Question

Consider the cell $\text{Cu} \mid \text{Cu}^{+2} \parallel \text{Ag}^{+} \mid \text{Ag}$. If the concentration of $\text{Cu}^{+2}$ and $\text{Ag}^{+}$ ions becomes ten times, then the emf of the cell will :-

• A. increases by 0.0591 V
• B. decreases by 0.0591 V
• C. increases by 0.0295 V
• D. decreases by 0.0295 V

Answer 1

Answer: (C)

increases by 0.0295 V

Answer 2

The given cell is $\text{Cu} \mid \text{Cu}^{2+} \parallel \text{Ag}^{+} \mid \text{Ag}$.

1. Half-cell reactions and the overall cell reaction:

   • Anode (oxidation): $\text{Cu}(s) \rightarrow \text{Cu}^{2+}(aq) + 2e^{-}$
   • Cathode (reduction): $\text{Ag}^{+}(aq) + e^{-} \rightarrow \text{Ag}(s)$

   Balanced cathode reaction: $2\text{Ag}^{+}(aq) + 2e^{-} \rightarrow 2\text{Ag}(s)$

   Overall balanced cell reaction: $\text{Cu}(s) + 2\text{Ag}^{+}(aq) \rightarrow \text{Cu}^{2+}(aq) + 2\text{Ag}(s)$

2. Number of electrons transferred (n): From the balanced reaction, $n = 2$.

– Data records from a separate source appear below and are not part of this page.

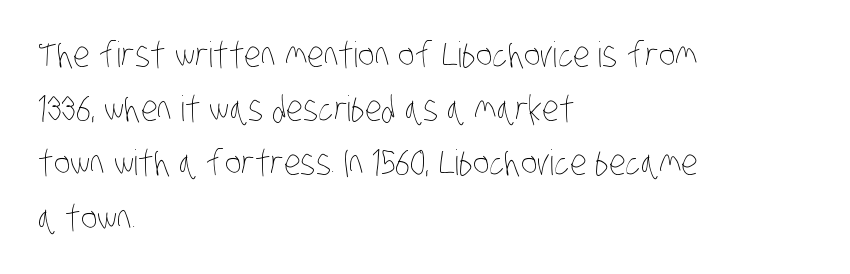
The image shows 35 px thin, condensed type; set left-aligned, normal line spacing (1.55x), normal letter spacing, not underlined; low stroke contrast and a large x-height.
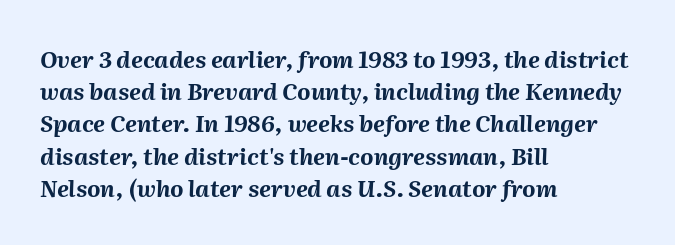
The image shows 23 px bold type, italic (leaning right); set left-aligned, normal line spacing (1.4x), normal letter spacing, not underlined.
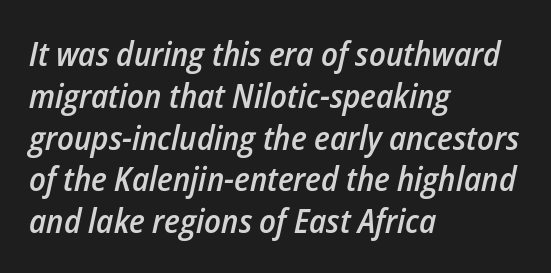
{"italic": "yes", "lean": "right", "slant_degrees": 12, "bold": "semi", "weight": "semibold", "width": "condensed", "stroke_contrast": "low", "x_height": "medium", "monospaced": "no", "underline": "no", "align": "left", "line_spacing_ratio": 1.23, "letter_spacing": "normal", "letter_spacing_em": 0.0, "glyph_px": 34}

3. Reaction quotient (Q): For the reaction $\text{Cu}(s) + 2\text{Ag}^{+}(aq) \rightarrow \text{Cu}^{2+}(aq) + 2\text{Ag}(s)$, the reaction quotient $Q$ is: $Q = \frac{[\text{Cu}^{2+}]}{[\text{Ag}^{+}]^2}$

4. Nernst Equation: The Nernst equation at 298 K is: $E_{\text{cell}} = E_{\text{cell}}^0 - \frac{0.0591}{n} \log Q$

   Initial concentrations: $[\text{Cu}^{2+}]_1$ and $[\text{Ag}^{+}]_1$. Initial EMF of the cell ($E_1$): $E_1 = E_{\text{cell}}^0 - \frac{0.0591}{2} \log \frac{[\text{Cu}^{2+}]_1}{[\text{Ag}^{+}]_1^2}$

5. New reaction quotient ($Q_2$) when concentrations become ten times: New concentrations: $[\text{Cu}^{2+}]_2 = 10[\text{Cu}^{2+}]_1$ and $[\text{Ag}^{+}]_2 = 10[\text{Ag}^{+}]_1$. The new reaction quotient ($Q_2$): $Q_2 = \frac{[\text{Cu}^{2+}]_2}{[\text{Ag}^{+}]_2^2} = \frac{10[\text{Cu}^{2+}]_1}{(10[\text{Ag}^{+}]_1)^2} = \frac{10[\text{Cu}^{2+}]_1}{100[\text{Ag}^{+}]_1^2} = \frac{1}{10} \frac{[\text{Cu}^{2+}]_1}{[\text{Ag}^{+}]_1^2}$ So, $Q_2 = \frac{1}{10} Q_1$.

6. New EMF ($E_2$): Substitute $Q_2$ into the Nernst equation: $E_2 = E_{\text{cell}}^0 - \frac{0.0591}{2} \log Q_2$ $E_2 = E_{\text{cell}}^0 - \frac{0.0591}{2} \log \left(\frac{1}{10} Q_1\right)$ $E_2 = E_{\text{cell}}^0 - \frac{0.0591}{2} \left(\log \frac{1}{10} + \log Q_1\right)$ Since $\log \frac{1}{10} = -1$: $E_2 = E_{\text{cell}}^0 - \frac{0.0591}{2} \left(-1 + \log Q_1\right)$ $E_2 = E_{\text{cell}}^0 - \frac{0.0591}{2} \log Q_1 + \frac{0.0591}{2}$ $E_2 = \left(E_{\text{cell}}^0 - \frac{0.0591}{2} \log Q_1\right) + \frac{0.0591}{2}$ We know that the term in the parenthesis is the initial EMF, $E_1$: $E_2 = E_1 + \frac{0.0591}{2}$

7. Change in EMF: The change in EMF is $E_2 - E_1$: $\Delta E = E_2 - E_1 = \frac{0.0591}{2}$ $\Delta E = 0.02955 \text{ V}$

   Thus, the emf of the cell increases by 0.0295 V.